CiviCERT Vetting Policy

LAST REVISION: 10 JUNE 2019

Purpose of vetting

The purpose of vetting beneficiaries is an exercise in reducing risk for CiviCERT members and for users at risk.

Some of the risks mitigated by vetting include the risk to CiviCERT members of reputation damage resulting from working with organizations that themselves do not uphold basic human rights, or are controversial for any other reason. There is the risk of being socially engineered by our adversaries into releasing information, or allowing our adversaries into getting a foothold onto our platforms, that would then allow them to perpetrate effective attacks on our operation. There is also the risk of adversaries consuming our resources in fake incidents, thus denying capability to the people and organizations that really require our assistance.

Vetting is an exercise of doing adequate due diligence with the beneficiaries we assist, to ensure they are truly users at risk.

CiviCERT’s Vetting Process

The process used by CiviCERT members to vet all new beneficiaries consists in the following steps:

  1. Initial evaluation
  2. Identify/contact potential vettors
  3. Evaluation of responses
  4. Sign off and recording

1. Initial evaluation

A certain amount of groundwork can be done initially via information sources such as Google, Wikipedia, the organization’s own website, Whois, PGP keyservers, etc., to make a determination of the validity of the organization and individual/s in question. None of these sources alone should be considered reliable, but together it is possible to get some sense of the legitimacy of the organization/individual.

2. Identify/contact potential vettors

Identifying who are potential vettors is the next step. We need to find someone we already know and trust that is prepared to vouch for the potential new beneficiary.

A good place to start is to look at the organization’s website, particularly any pages identifying members of the organization’s board. Board members are often high-profile people in the NGO space, so this presents an excellent way to identify potential vettors.

3. Evaluation of responses

What we are trying to establish is that the beneficiary is who they claim they are, and that they act rationally and with safety and respect for others.

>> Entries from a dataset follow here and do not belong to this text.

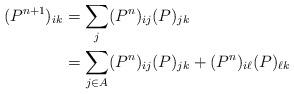
LaTeX: \begin{align*}(P^{n+1})_{ik}&=\sum_j (P^n)_{ij}(P)_{jk}\\&=\sum_{j\in A}(P^n)_{ij}(P)_{jk}+(P^n)_{i\ell} (P)_{\ell k}\end{align*}
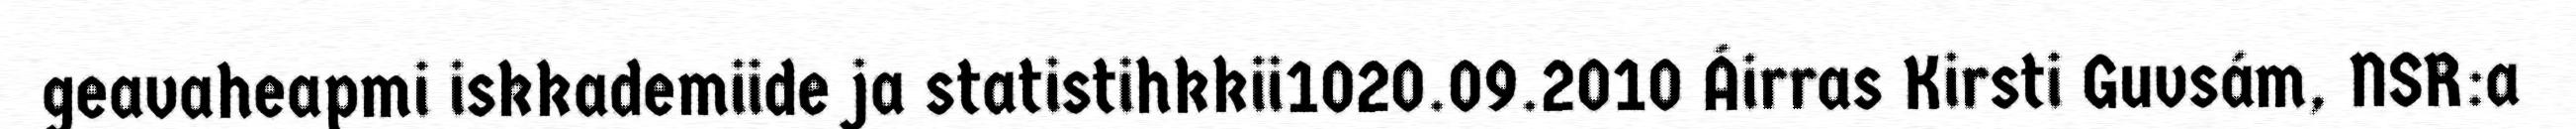
geavaheapmi iskkademiide ja statistihkkii1020.09.2010 Áirras Kirsti Guvsám, NSR:a
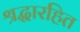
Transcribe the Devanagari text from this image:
श्रद्धारहित

This is never going to be a hard and fast ruling of “adequacy”, as the nature of the trust relationships are always going to be somewhat subjective. However as a general heuristic rule we can consider that if someone we trust implicitly vouches for a new beneficiary we can consider them vetted. If we cannot find someone that we trust implicitly, then we would need two acquaintances whose reputations we trust, that both vouch for the new beneficiary before we would consider the vetting adequate.

4. Sign off and recording

Each vetting process needs to be signed off by the team leader. The fact that the client has been through the vetting process and either been declined or successfully vetted is recorded in the organization’s ticketing system.